While I was researching LLMs, I came across the llama-cpp-wasm project, and I thought trying to run models in the browser locally would provide an additional challenge and would make a more interesting application than outsourcing the model work to some external API. I know I could have simplified the application through making basic API calls to someone else, but I have always enjoyed pushing the boundaries of what is possible in the web browser as a platform as much as possible.
Once I had an idea of what I wanted to do, I worked on producing a rough proof-of-concept that provided all of the core functionality I required for the application. I usually build a simplified solution for the problem first to develop my mental model of the problem, to identify unexpected issues before I have committed too much time and effort to the approach, and to test out assumptions I have made about the problem situation. I believe you can largely solve a problem with a simple proof-of-concept, and if the proof-of-concept works well enough you can refine and expand from the proof-of-concept to provide a better experience and solution. I produced a version of the application that could handle at a basic level the Firebase authentication, the Google Workspace authorization, and summarizing a single Google Document using llama-cpp-wasm. After I had those pieces in place, I worked on refactoring the code, improving the interface, and broadly refining the application as much I could within the time I had remaining for working on the application.
I feel the greatest challenge I had in the application was cleanly integrating the external JavaScript libraries, clients, and applications without NPM packages into SvelteKit. I required a few implementations, for example, to integrate llama-cpp-wasm into my SvelteKit application in a way that allowed me to properly run llama.cpp from within the browser and that allowed llama-cpp-wasm to register service workers and execute its code. I believe much of that challenge came from unfamiliarity with llama-cpp-wasm, though, and from relying on libraries that were not specifically optimized for NPM or SvelteKit.

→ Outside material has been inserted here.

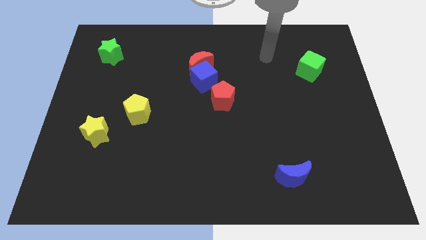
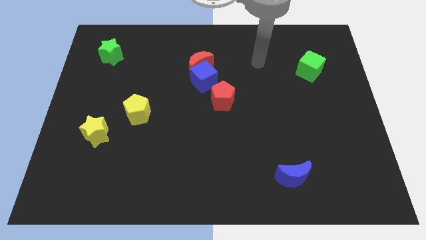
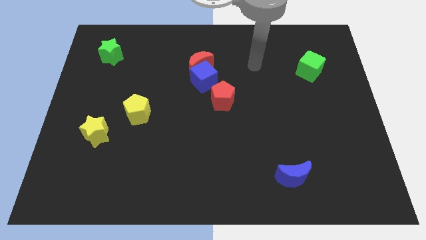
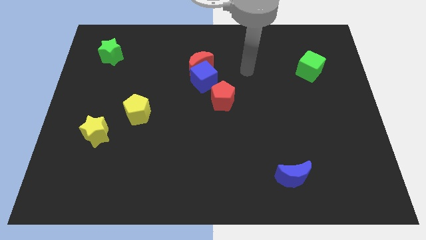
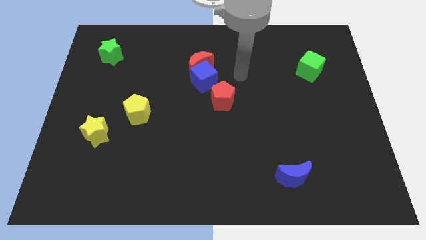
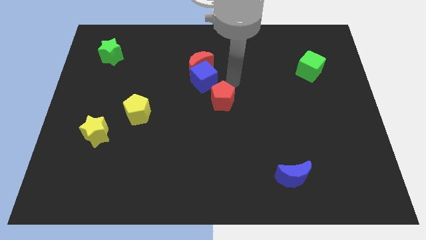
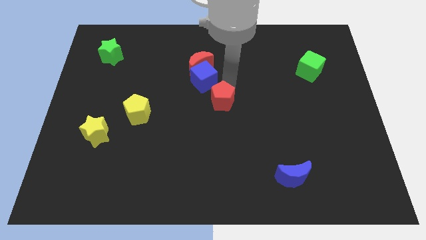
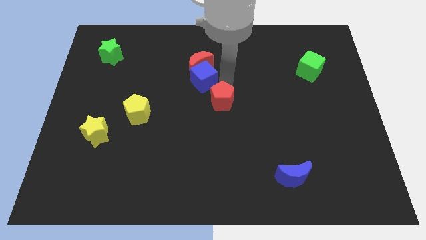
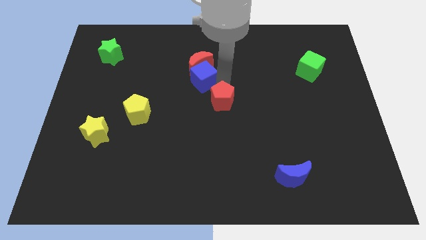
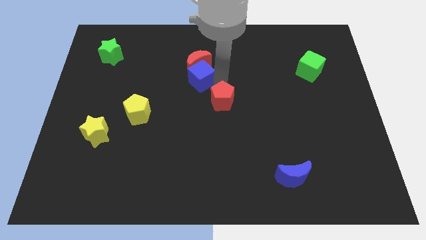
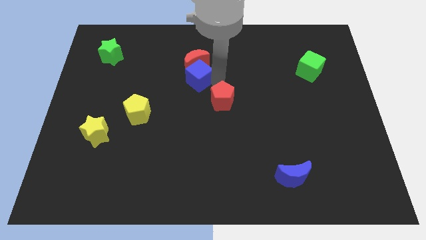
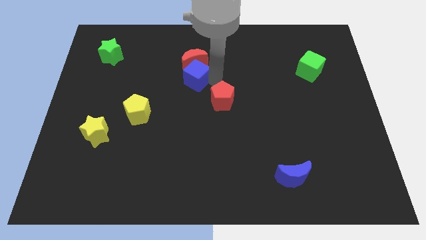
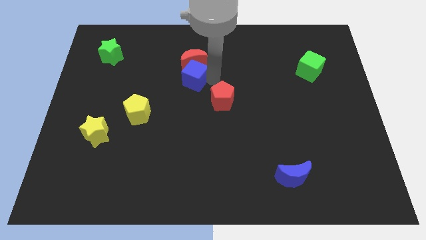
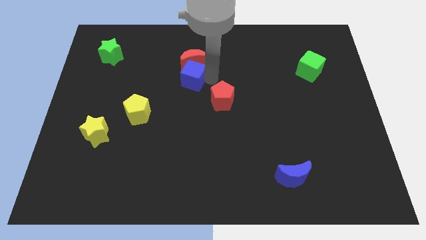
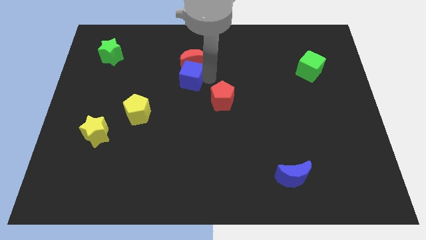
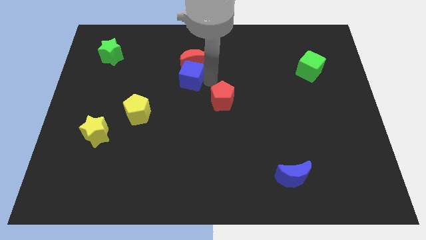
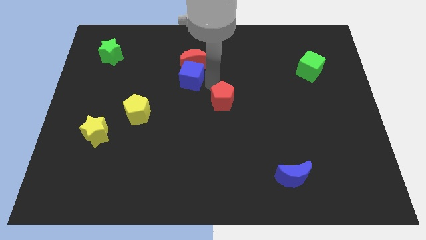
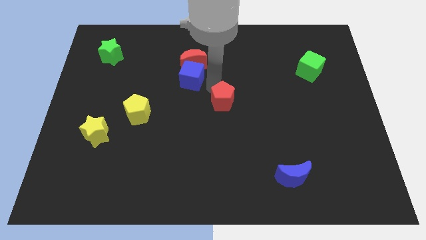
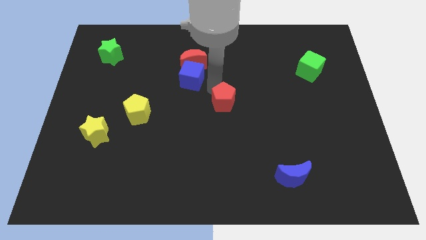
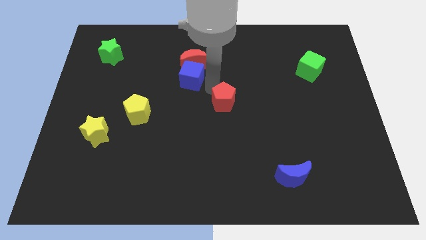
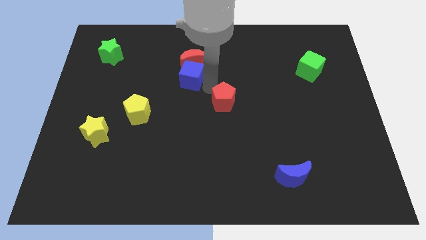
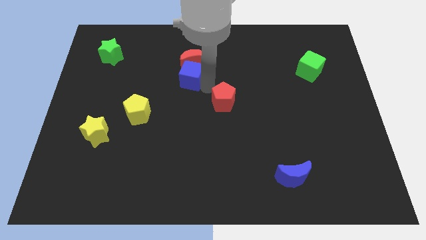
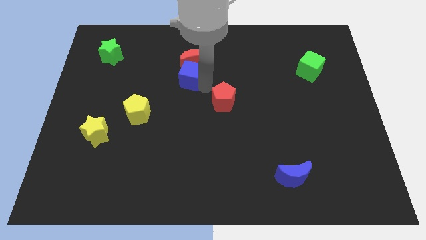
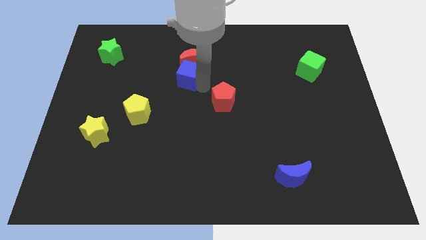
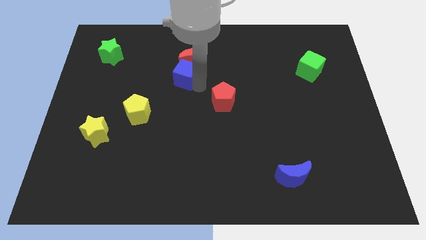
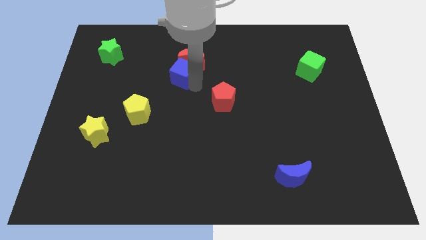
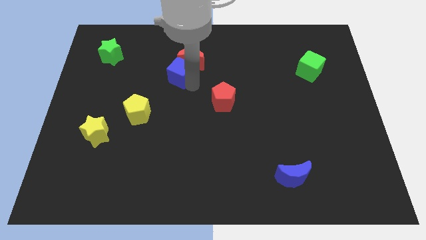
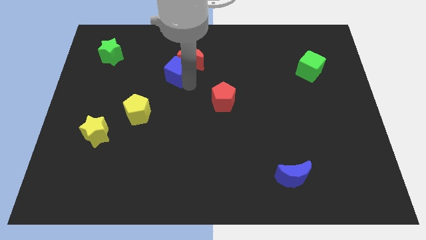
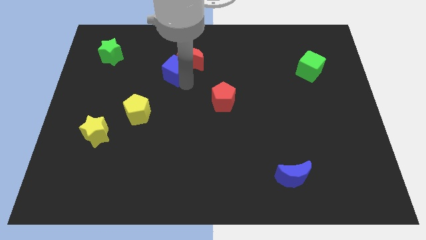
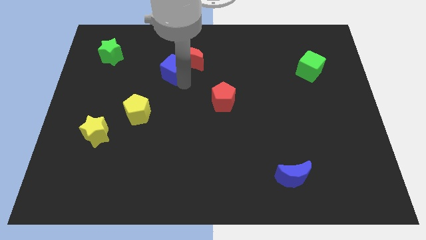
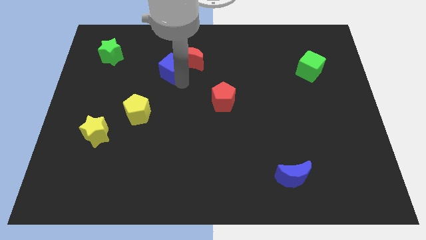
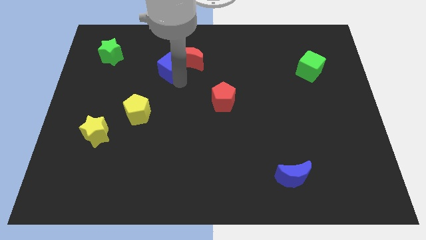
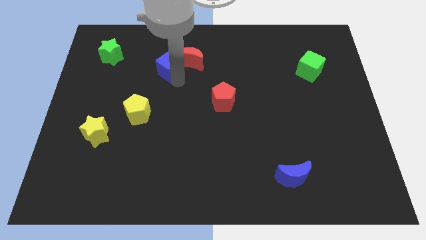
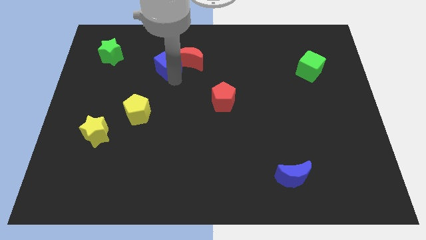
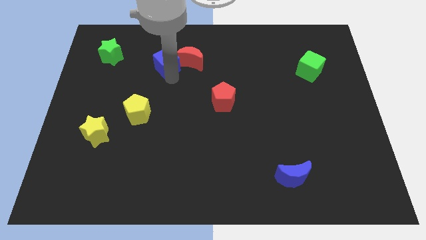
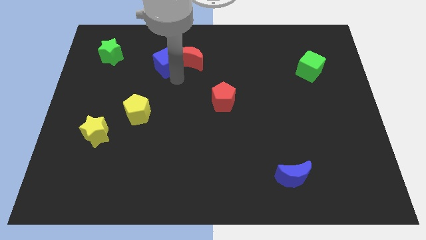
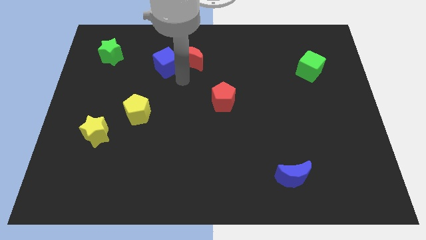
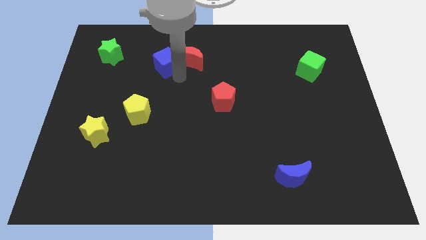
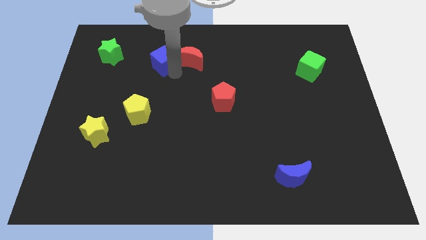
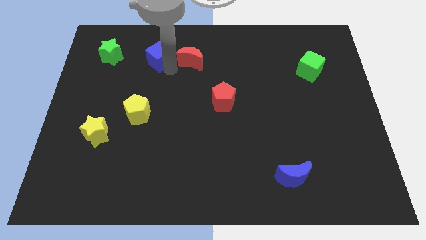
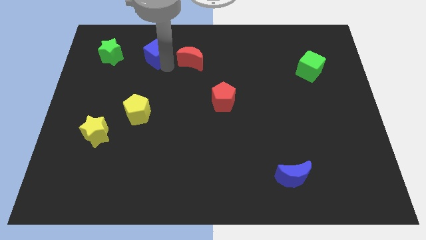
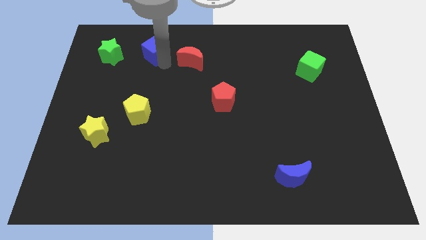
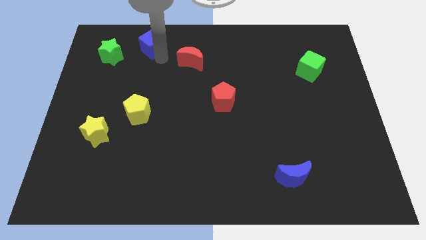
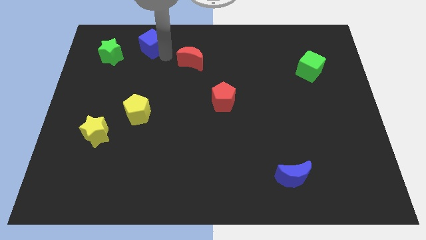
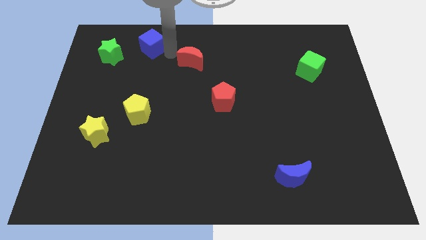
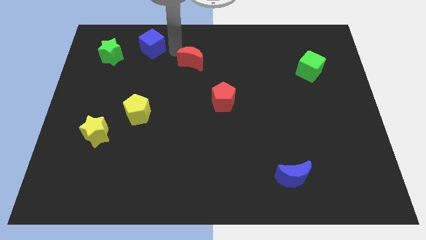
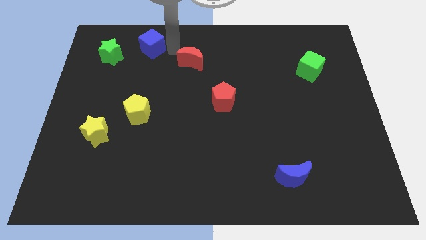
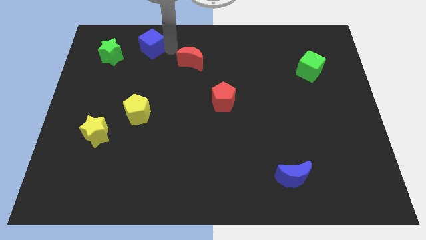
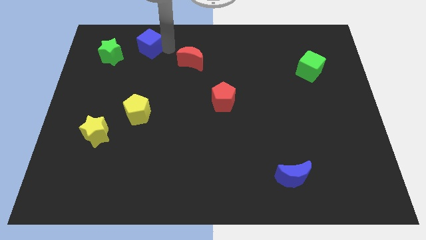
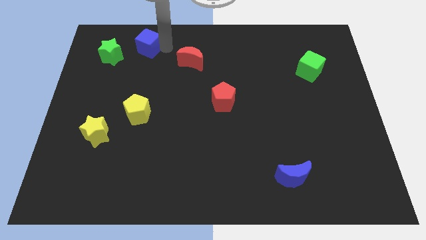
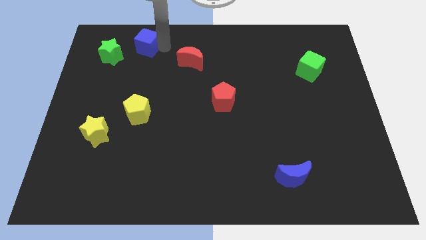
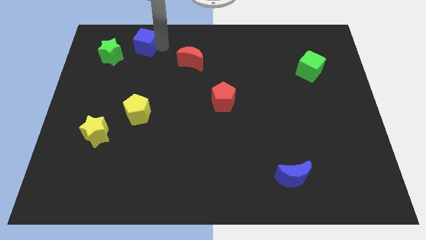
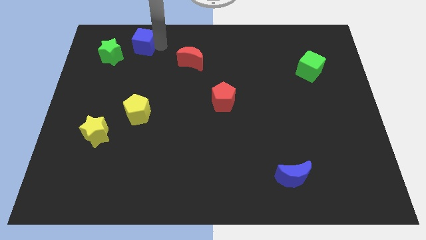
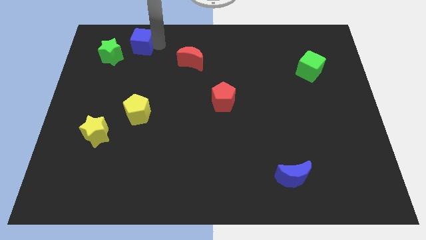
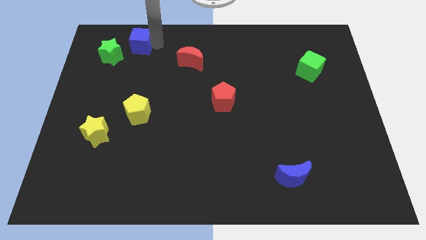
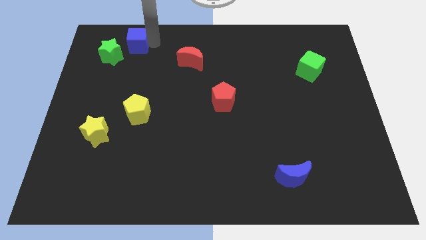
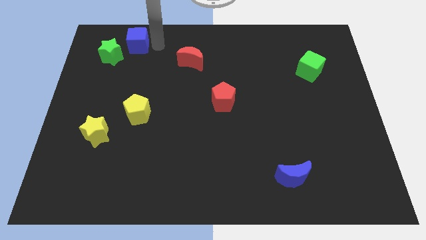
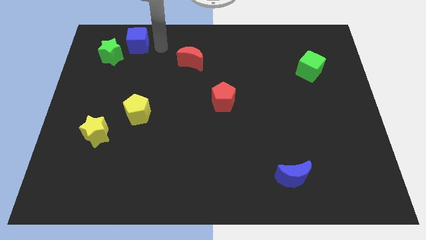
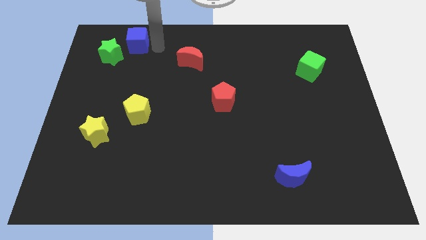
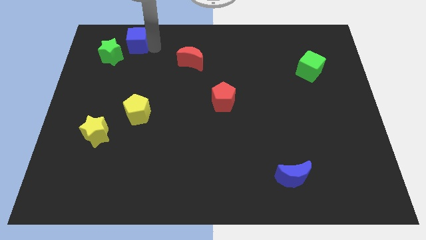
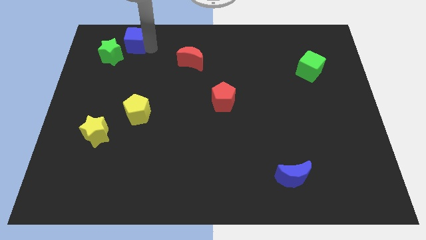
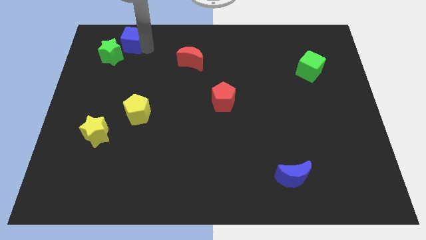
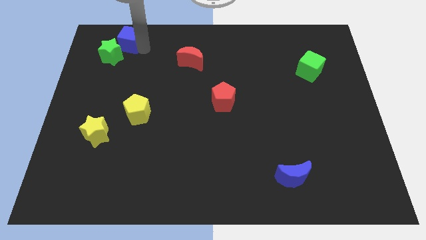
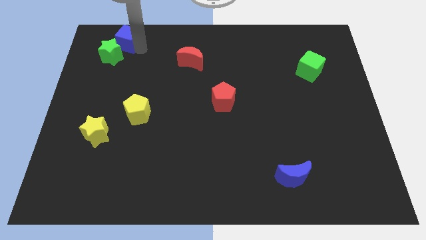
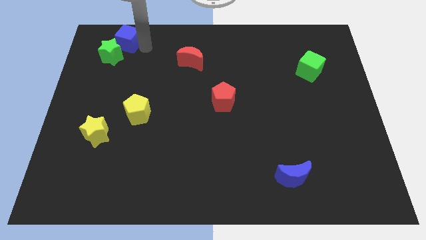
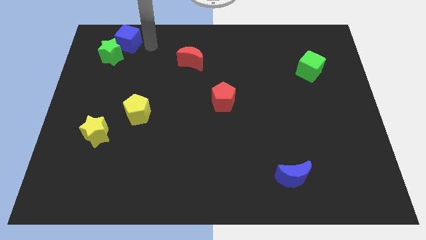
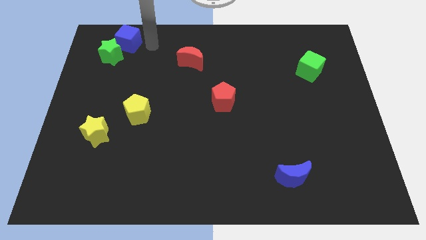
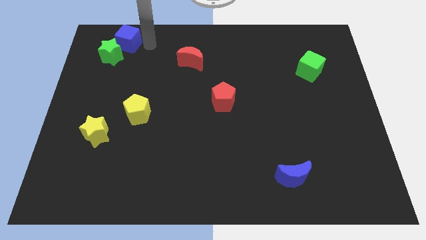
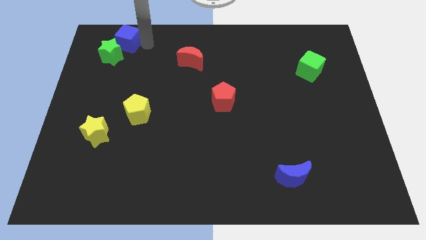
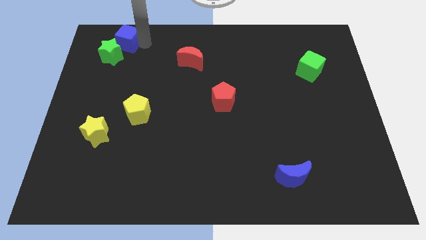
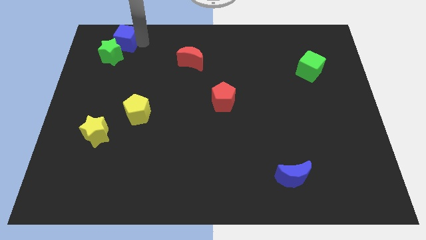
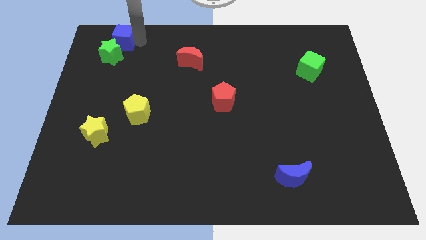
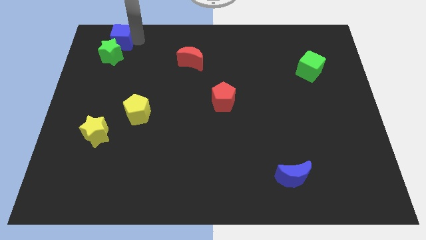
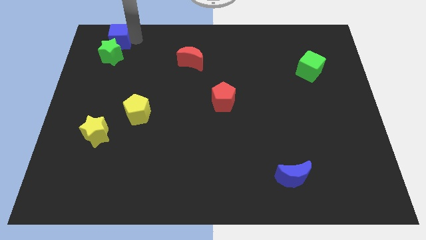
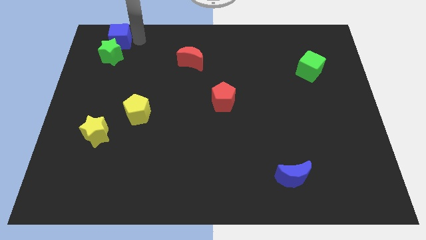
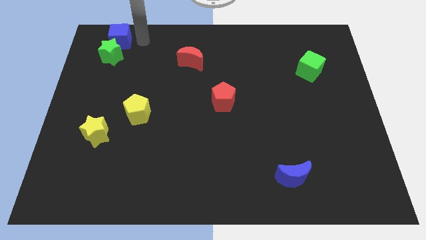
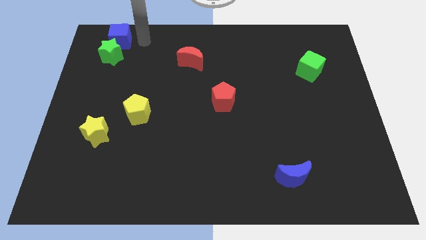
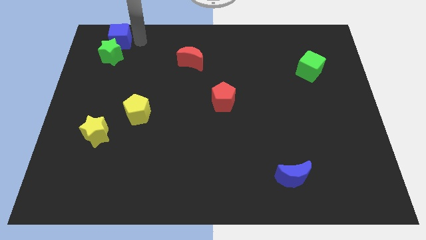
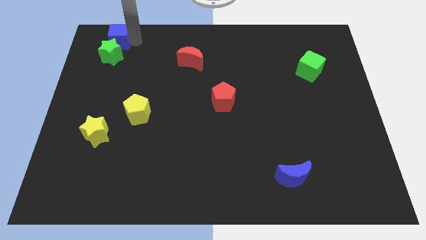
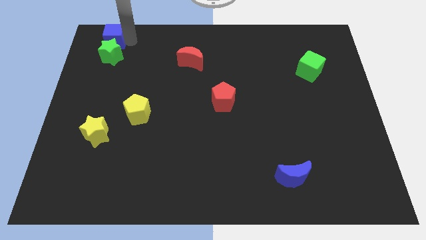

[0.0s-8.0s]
push the blue cube to the top left corner

I had limited time to work on this application. There are several improvements I did not have time to implement.
The first improvement I would make to the application is paginating the Google Docs results from the Google Drive API. In its current form, the application will only retrieve a fixed count (10) of documents using Google Drive. While pagination is straightforward to add, I felt it was not necessary for demonstrating the core functionality of this proof-of-concept.
The next major improvement I would make is creating a nicer, more refined user interface. I kept the interface pared down and simplified because I focused more of my time designing and writing the application. What limited time I had for improving the interface I spent on what would benefit the user experience the most for the smallest amount of effort.
The third major improvement I would make is providing a way to store or cache the summaries either in the user's browser or in Firebase's storage service. This would save the user from having to generate new summaries for already-summarized documents.
In addition, I would work on improving the quality of the summaries the application generated. I did not evaluate models at any length because one of the models llama-cpp-wasm used in their examples was good enough to demonstrate the proof-of-concept's functionality. There are probably models that can provide better summaries or that have smaller download sizes.
I would also work on improving the type declarations and adherence to TypeScript's expectations for the external libraries. I included type declarations for Google's clients, but llama-cpp-wasm does not appear to have type declarations.